(Data excerpts)

########

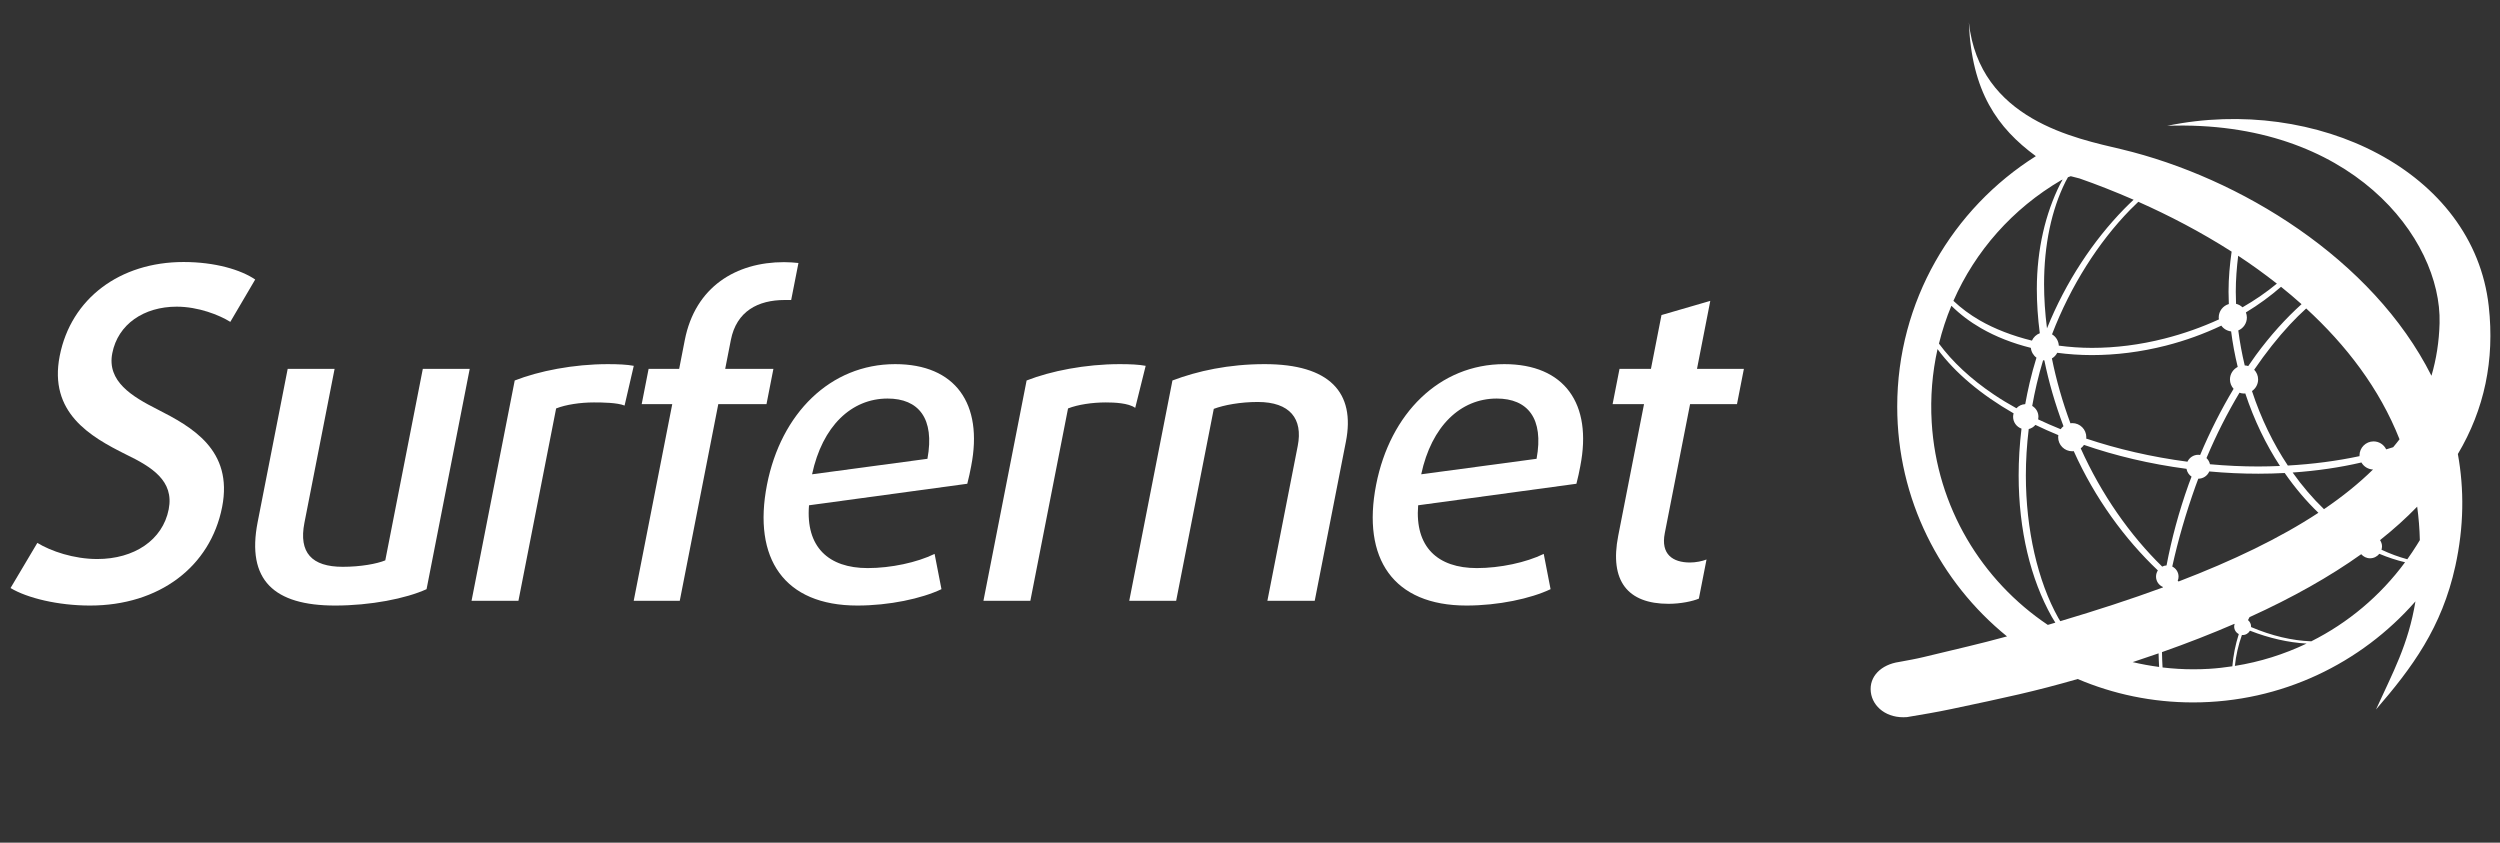 <?xml version="1.0" encoding="UTF-8" standalone="no"?>
<!-- Created with Inkscape (http://www.inkscape.org/) -->

<svg
   version="1.1"
   id="svg2"
   width="200"
   height="67.416"
   viewBox="0 0 200 67.416"
   sodipodi:docname="logo.ai"
   xmlns:inkscape="http://www.inkscape.org/namespaces/inkscape"
   xmlns:sodipodi="http://sodipodi.sourceforge.net/DTD/sodipodi-0.dtd"
   xmlns="http://www.w3.org/2000/svg"
   xmlns:svg="http://www.w3.org/2000/svg">
  <rect x="0" y="0" width="200" height="67.416" fill="#333333" stroke="none"/>
  <defs
     id="defs6">
    <clipPath
       clipPathUnits="userSpaceOnUse"
       id="clipPath16">
      <path
         d="M 0,50.562 H 150 V 0 H 0 Z"
         id="path14" />
    </clipPath>
  </defs>
  <sodipodi:namedview
     id="namedview4"
     pagecolor="#ffffff"
     bordercolor="#000000"
     borderopacity="0.25"
     inkscape:showpageshadow="2"
     inkscape:pageopacity="0.0"
     inkscape:pagecheckerboard="0"
     inkscape:deskcolor="#d1d1d1" />
  <g
     id="g8"
     inkscape:groupmode="layer"
     inkscape:label="logo"
     transform="matrix(1.333,0,0,-1.333,0,67.416)">
    <g
       id="g10">
      <g
         id="g12"
         clip-path="url(#clipPath16)">
        <g
           id="g18"
           transform="translate(25.6,15.215)">
          <path
             d="M 0,0 2.59,13.222 H -0.225 L -2.477,1.73 c -0.504,-0.207 -1.47,-0.387 -2.555,-0.387 -1.859,0 -2.647,0.851 -2.299,2.635 l 1.812,9.244 h -2.815 l -1.802,-9.194 c -0.682,-3.486 0.982,-5.01 4.649,-5.01 2.118,0 4.239,0.415 5.487,0.982 m 12.436,13.405 c -0.399,0.076 -0.936,0.101 -1.556,0.101 -2.066,0 -4.135,-0.412 -5.589,-0.981 L 2.7,-0.697 h 2.814 l 2.262,11.544 c 0.589,0.233 1.466,0.361 2.266,0.361 0.517,0 1.405,-0.011 1.842,-0.188 z m 9.447,3.95 0.436,2.221 c -0.202,0.026 -0.584,0.051 -0.868,0.051 -2.867,0 -5.325,-1.472 -5.952,-4.674 L 15.16,13.222 h -1.834 l -0.415,-2.117 h 1.834 L 12.432,-0.697 h 2.764 l 2.312,11.802 h 2.893 l 0.415,2.117 h -2.893 l 0.339,1.731 c 0.339,1.731 1.633,2.402 3.234,2.402 z M 32.685,7.387 c 0.733,3.744 -0.945,6.119 -4.56,6.119 -3.9,0 -6.858,-2.968 -7.693,-7.23 -0.87,-4.443 1.031,-7.258 5.422,-7.258 1.911,0 3.852,0.415 5.048,0.982 L 30.49,2.117 C 29.434,1.601 27.87,1.266 26.475,1.266 c -2.35,0 -3.729,1.265 -3.522,3.769 l 9.498,1.292 c 0.097,0.361 0.168,0.724 0.234,1.06 M 30.06,7.825 23.136,6.895 c 0.619,2.893 2.363,4.546 4.532,4.546 1.86,0 2.84,-1.188 2.392,-3.616 m 13.098,5.58 c -0.399,0.076 -0.936,0.101 -1.556,0.101 -2.066,0 -4.136,-0.412 -5.59,-0.981 L 33.421,-0.697 h 2.815 l 2.262,11.544 c 0.588,0.233 1.466,0.361 2.267,0.361 0.516,0 1.36,-0.035 1.765,-0.326 z m 10.145,-14.102 1.872,9.555 c 0.577,2.944 -0.974,4.648 -4.874,4.648 -2.169,0 -4.032,-0.412 -5.537,-0.981 L 42.172,-0.697 h 2.815 l 2.258,11.519 c 0.613,0.232 1.604,0.413 2.637,0.413 1.937,0 2.721,-1.008 2.402,-2.635 l -1.822,-9.297 z m 15.939,8.084 c 0.734,3.744 -0.945,6.119 -4.56,6.119 -3.9,0 -6.857,-2.968 -7.692,-7.23 -0.871,-4.443 1.031,-7.258 5.421,-7.258 1.911,0 3.852,0.415 5.047,0.982 L 67.047,2.117 C 65.991,1.601 64.426,1.266 63.032,1.266 c -2.351,0 -3.728,1.265 -3.522,3.769 l 9.498,1.292 c 0.098,0.361 0.168,0.724 0.234,1.06 m -2.625,0.438 -6.923,-0.93 c 0.618,2.893 2.362,4.546 4.532,4.546 1.858,0 2.84,-1.188 2.391,-3.616 m 9.74,-8.392 0.46,2.349 c -0.252,-0.103 -0.654,-0.181 -0.99,-0.181 -1.034,0 -1.764,0.491 -1.516,1.756 l 1.519,7.748 h 2.815 l 0.414,2.117 h -2.814 l 0.798,4.081 -2.929,-0.851 -0.633,-3.23 H 71.595 L 71.18,11.105 h 1.886 L 71.517,3.202 c -0.531,-2.712 0.569,-4.08 3.024,-4.08 0.722,0 1.45,0.154 1.816,0.311"
             style="fill:#ffffff;fill-opacity:1;fill-rule:nonzero;stroke:none"
             id="path20" />
        </g>
        <g
           id="g22"
           transform="translate(145.049,17.87)">
          <path
             d="m 0,0 c -0.182,-0.294 -0.375,-0.58 -0.575,-0.859 -0.522,0.141 -1.039,0.332 -1.549,0.572 0.019,0.065 0.032,0.134 0.032,0.205 0,0.139 -0.05,0.262 -0.118,0.372 0.818,0.649 1.562,1.318 2.228,2.008 C 0.107,1.645 0.162,0.976 0.178,0.289 0.123,0.203 0.063,0.11 0,0 m -6.339,-5.784 c -1.152,0.04 -2.375,0.331 -3.615,0.857 l 0.004,0.028 c 0,0.156 -0.073,0.295 -0.185,0.388 0.028,0.06 0.063,0.118 0.092,0.178 2.582,1.172 4.814,2.431 6.702,3.777 0.131,-0.147 0.318,-0.245 0.531,-0.245 0.226,0 0.425,0.107 0.557,0.269 0.508,-0.215 1.023,-0.383 1.543,-0.507 -1.49,-2.022 -3.425,-3.64 -5.629,-4.745 m -4.584,-1.476 c 0.064,0.619 0.206,1.241 0.423,1.858 l 0.043,-0.005 c 0.189,0 0.353,0.106 0.439,0.261 1.162,-0.454 2.31,-0.711 3.4,-0.773 -1.354,-0.646 -2.801,-1.102 -4.305,-1.341 m -1.543,-0.175 c -0.314,-0.018 -0.632,-0.028 -0.945,-0.028 -0.626,0 -1.244,0.038 -1.852,0.11 -0.014,0.305 -0.033,0.606 -0.034,0.921 1.538,0.542 2.984,1.108 4.34,1.695 0.007,-0.003 0.013,-0.006 0.019,-0.009 -0.016,-0.05 -0.027,-0.1 -0.027,-0.153 0,-0.197 0.113,-0.366 0.277,-0.45 -0.204,-0.639 -0.333,-1.287 -0.386,-1.934 -0.46,-0.069 -0.923,-0.124 -1.392,-0.152 m -4.59,0.403 c 0.529,0.173 1.045,0.348 1.554,0.526 0.005,-0.277 0.019,-0.547 0.033,-0.816 -0.537,0.071 -1.067,0.166 -1.587,0.29 m -4.345,2.457 c -0.039,0.066 -0.08,0.128 -0.119,0.196 -1.231,2.195 -1.947,5.304 -1.947,8.551 0,0.902 0.057,1.833 0.172,2.783 0.16,0.038 0.299,0.128 0.401,0.25 0.443,-0.216 0.905,-0.419 1.377,-0.615 -0.005,-0.041 -0.012,-0.081 -0.012,-0.123 0,-0.467 0.379,-0.845 0.845,-0.845 0.031,0 0.06,0.006 0.09,0.009 1.276,-2.837 3.054,-5.268 5.049,-7.16 -0.068,-0.107 -0.11,-0.233 -0.11,-0.37 0,-0.28 0.17,-0.521 0.413,-0.623 -0.002,-0.011 -0.002,-0.02 -0.003,-0.031 -1.912,-0.702 -3.971,-1.372 -6.156,-2.022 m -0.748,-0.224 c -3.962,2.658 -6.667,7.07 -6.969,12.161 -0.089,1.501 0.035,2.975 0.35,4.391 1.052,-1.423 2.616,-2.737 4.566,-3.856 -0.018,-0.065 -0.031,-0.133 -0.031,-0.205 0,-0.33 0.211,-0.607 0.504,-0.713 -0.115,-0.958 -0.171,-1.896 -0.171,-2.807 0,-3.289 0.723,-6.227 1.983,-8.475 0.07,-0.125 0.146,-0.241 0.219,-0.361 -0.152,-0.045 -0.298,-0.091 -0.451,-0.135 m -5.788,19.154 c 0.515,-0.512 1.114,-0.965 1.785,-1.351 0.884,-0.509 1.891,-0.903 2.984,-1.176 0.026,-0.242 0.15,-0.452 0.337,-0.589 -0.153,-0.496 -0.292,-1.001 -0.412,-1.514 -0.1,-0.428 -0.186,-0.852 -0.263,-1.275 -0.209,-0.01 -0.395,-0.102 -0.528,-0.247 -0.477,0.264 -0.933,0.539 -1.358,0.826 -1.38,0.929 -2.489,1.966 -3.291,3.054 0.191,0.779 0.441,1.538 0.746,2.272 m 6.6,7.541 0.037,0.017 c 0.013,0.005 0.027,0.011 0.039,0.017 -0.052,-0.095 -0.107,-0.189 -0.156,-0.287 -0.866,-1.734 -1.392,-3.888 -1.392,-6.281 0,-0.857 0.059,-1.745 0.178,-2.656 -0.21,-0.08 -0.38,-0.24 -0.472,-0.444 -1.164,0.286 -2.236,0.7 -3.122,1.21 -0.602,0.347 -1.131,0.741 -1.59,1.177 1.309,2.979 3.539,5.529 6.478,7.247 m 0.396,0.172 c 0.066,0.028 0.128,0.051 0.169,0.061 0.177,-0.043 0.348,-0.089 0.524,-0.134 1.028,-0.358 2.123,-0.789 3.247,-1.278 -0.187,-0.176 -0.375,-0.356 -0.559,-0.544 -1.865,-1.91 -3.508,-4.372 -4.64,-7.175 -0.117,0.922 -0.175,1.814 -0.175,2.653 0,2.357 0.447,4.468 1.289,6.152 0.045,0.092 0.097,0.177 0.145,0.265 m 9.822,-4.465 c -0.111,-0.78 -0.185,-1.579 -0.185,-2.405 0,-0.245 0.007,-0.492 0.017,-0.74 -0.351,-0.103 -0.607,-0.424 -0.607,-0.808 0,-0.039 0.005,-0.077 0.011,-0.115 -1.02,-0.468 -2.117,-0.858 -3.258,-1.148 -1.488,-0.38 -2.962,-0.56 -4.365,-0.56 -0.667,0 -1.332,0.048 -1.985,0.134 -0.015,0.289 -0.173,0.539 -0.407,0.679 1.12,2.922 2.792,5.531 4.69,7.476 0.161,0.165 0.325,0.322 0.489,0.478 1.838,-0.815 3.747,-1.808 5.6,-2.991 m 0.393,-0.248 c 0.792,-0.52 1.567,-1.081 2.322,-1.672 -0.619,-0.512 -1.311,-0.99 -2.063,-1.422 -0.107,0.101 -0.239,0.175 -0.387,0.21 -0.009,0.243 -0.016,0.486 -0.016,0.727 0,0.726 0.057,1.447 0.144,2.157 m 3.803,-2.906 c -0.944,-0.851 -1.868,-1.871 -2.739,-3.057 -0.156,-0.213 -0.309,-0.434 -0.461,-0.657 -0.067,0.021 -0.137,0.035 -0.21,0.038 -0.169,0.705 -0.298,1.406 -0.386,2.1 0.303,0.127 0.515,0.428 0.515,0.777 0,0.108 -0.023,0.21 -0.059,0.305 0.771,0.466 1.474,0.983 2.109,1.537 0.419,-0.336 0.83,-0.684 1.231,-1.043 M -7.456,4.346 C -6,4.446 -4.615,4.65 -3.329,4.949 -3.188,4.705 -2.931,4.54 -2.632,4.527 -3.486,3.689 -4.469,2.898 -5.575,2.147 -6.247,2.795 -6.879,3.532 -7.456,4.346 m -12.522,1.658 c 1.886,-0.652 3.957,-1.146 6.152,-1.436 0.034,-0.195 0.145,-0.363 0.303,-0.469 -0.058,-0.156 -0.12,-0.307 -0.175,-0.463 -0.588,-1.649 -1.026,-3.282 -1.326,-4.865 -0.093,-0.005 -0.182,-0.031 -0.261,-0.071 -1.928,1.882 -3.65,4.335 -4.89,7.097 0.077,0.057 0.144,0.127 0.197,0.207 m 9.332,3.132 c 0.086,-0.03 0.177,-0.05 0.273,-0.05 l 0.074,0.009 c 0.528,-1.597 1.238,-3.062 2.082,-4.356 -0.431,-0.018 -0.865,-0.03 -1.3,-0.03 -0.946,0 -1.916,0.044 -2.901,0.134 -0.031,0.144 -0.106,0.272 -0.21,0.371 0.589,1.399 1.259,2.715 1.982,3.922 m -11.258,2.057 c 0.136,0.08 0.247,0.198 0.32,0.339 0.672,-0.089 1.365,-0.138 2.078,-0.138 1.429,0 2.926,0.182 4.438,0.567 1.184,0.303 2.299,0.71 3.331,1.201 0.134,-0.19 0.346,-0.318 0.589,-0.347 0.089,-0.704 0.222,-1.417 0.395,-2.131 -0.274,-0.14 -0.465,-0.423 -0.465,-0.752 0,-0.218 0.084,-0.413 0.218,-0.563 -0.731,-1.217 -1.408,-2.547 -2.008,-3.97 -0.037,0.006 -0.074,0.012 -0.112,0.012 -0.288,0 -0.535,-0.171 -0.65,-0.416 -2.145,0.282 -4.2,0.76 -6.077,1.389 0.003,0.028 0.008,0.054 0.008,0.083 0,0.467 -0.378,0.845 -0.845,0.845 -0.038,0 -0.073,-0.006 -0.108,-0.011 -0.483,1.298 -0.854,2.611 -1.112,3.892 m -1.182,-2.849 c 0.077,0.436 0.166,0.874 0.27,1.316 0.111,0.48 0.241,0.954 0.383,1.423 l 0.076,-0.007 c 0.263,-1.291 0.644,-2.616 1.148,-3.951 -0.064,-0.052 -0.123,-0.11 -0.17,-0.179 -0.465,0.187 -0.915,0.384 -1.35,0.589 0.01,0.051 0.016,0.104 0.016,0.157 0,0.279 -0.15,0.52 -0.373,0.652 m 8.405,-9.64 c 0.349,1.592 0.827,3.231 1.4,4.834 0.052,0.147 0.107,0.291 0.162,0.437 0.297,0 0.551,0.179 0.66,0.436 1,-0.092 1.982,-0.136 2.942,-0.136 0.537,0 1.064,0.015 1.584,0.042 0.615,-0.884 1.292,-1.686 2.019,-2.384 10e-4,-0.001 0.002,-0.002 0.004,-0.003 -2.312,-1.52 -5.129,-2.874 -8.392,-4.124 -0.016,0.013 -0.034,0.027 -0.051,0.042 0.033,0.078 0.05,0.164 0.05,0.253 0,0.265 -0.154,0.493 -0.378,0.603 m 13.64,7.637 C -1.16,6.18 -1.295,6.023 -1.423,5.865 -1.562,5.822 -1.7,5.778 -1.841,5.736 -1.979,6.018 -2.265,6.214 -2.599,6.214 -3.064,6.214 -3.444,5.836 -3.444,5.368 L -3.439,5.33 C -4.781,5.042 -6.242,4.85 -7.744,4.765 c -0.877,1.318 -1.611,2.823 -2.152,4.47 0.222,0.153 0.368,0.408 0.368,0.697 0,0.227 -0.09,0.431 -0.236,0.583 0.691,1.013 1.415,1.928 2.152,2.721 0.319,0.344 0.643,0.657 0.969,0.956 2.384,-2.188 4.395,-4.79 5.602,-7.851 m 5.355,7.984 C 3.412,22.444 -6.048,26.995 -14.984,25.155 -3.971,25.538 1.5,18.407 1.362,13.31 1.333,12.198 1.167,11.149 0.875,10.153 c -3.53,7.02 -11.507,11.895 -18.594,13.592 -2.734,0.654 -8.537,1.759 -9.169,7.618 0.164,-4.171 1.719,-6.337 4.021,-8.03 -4.994,-3.145 -8.32,-8.707 -8.32,-15.032 0,-5.562 2.574,-10.532 6.589,-13.79 -1.858,-0.506 -2.716,-0.682 -4.995,-1.237 -0.474,-0.116 -0.938,-0.194 -1.481,-0.296 -1.072,-0.155 -1.81,-0.868 -1.698,-1.806 0.105,-0.899 0.979,-1.603 2.173,-1.504 0.942,0.159 1.734,0.288 2.694,0.491 3.273,0.692 4.969,1.052 7.55,1.795 2.128,-0.905 4.467,-1.405 6.921,-1.405 5.316,0 10.092,2.349 13.348,6.064 -0.425,-2.592 -1.359,-4.272 -2.367,-6.488 2.165,2.504 3.952,4.91 4.763,8.614 0.518,2.364 0.533,4.609 0.15,6.718 1.598,2.69 2.213,5.643 1.854,8.868"
             style="fill:#ffffff;fill-opacity:1;fill-rule:nonzero;stroke:none"
             id="path24" />
        </g>
        <g
           id="g26"
           transform="translate(13.331,20.147)">
          <path
             d="m 0,0 c 0.671,3.428 -1.821,4.809 -3.882,5.859 -1.534,0.775 -3.041,1.686 -2.71,3.371 0.34,1.742 1.901,2.793 3.863,2.793 1.298,0 2.555,-0.498 3.22,-0.913 l 1.494,2.543 c -0.855,0.58 -2.393,1.05 -4.3,1.05 -3.813,0 -6.756,-2.183 -7.433,-5.637 -0.666,-3.399 1.816,-4.837 3.981,-5.914 1.539,-0.746 2.897,-1.576 2.561,-3.289 -0.362,-1.851 -2.076,-2.985 -4.288,-2.985 -1.409,0 -2.782,0.471 -3.596,0.968 l -1.609,-2.709 c 1.014,-0.608 2.863,-1.051 4.769,-1.051 4.145,0 7.225,2.322 7.93,5.914"
             style="fill:#ffffff;fill-opacity:1;fill-rule:nonzero;stroke:none"
             id="path28" />
        </g>
      </g>
    </g>
  </g>
</svg>

########

**EXERCISE DETAILS**
Of the lines above, copy each one that contains the word "logo".

**TASK RESPONSE**
   sodipodi:docname="logo.ai"
     inkscape:label="logo"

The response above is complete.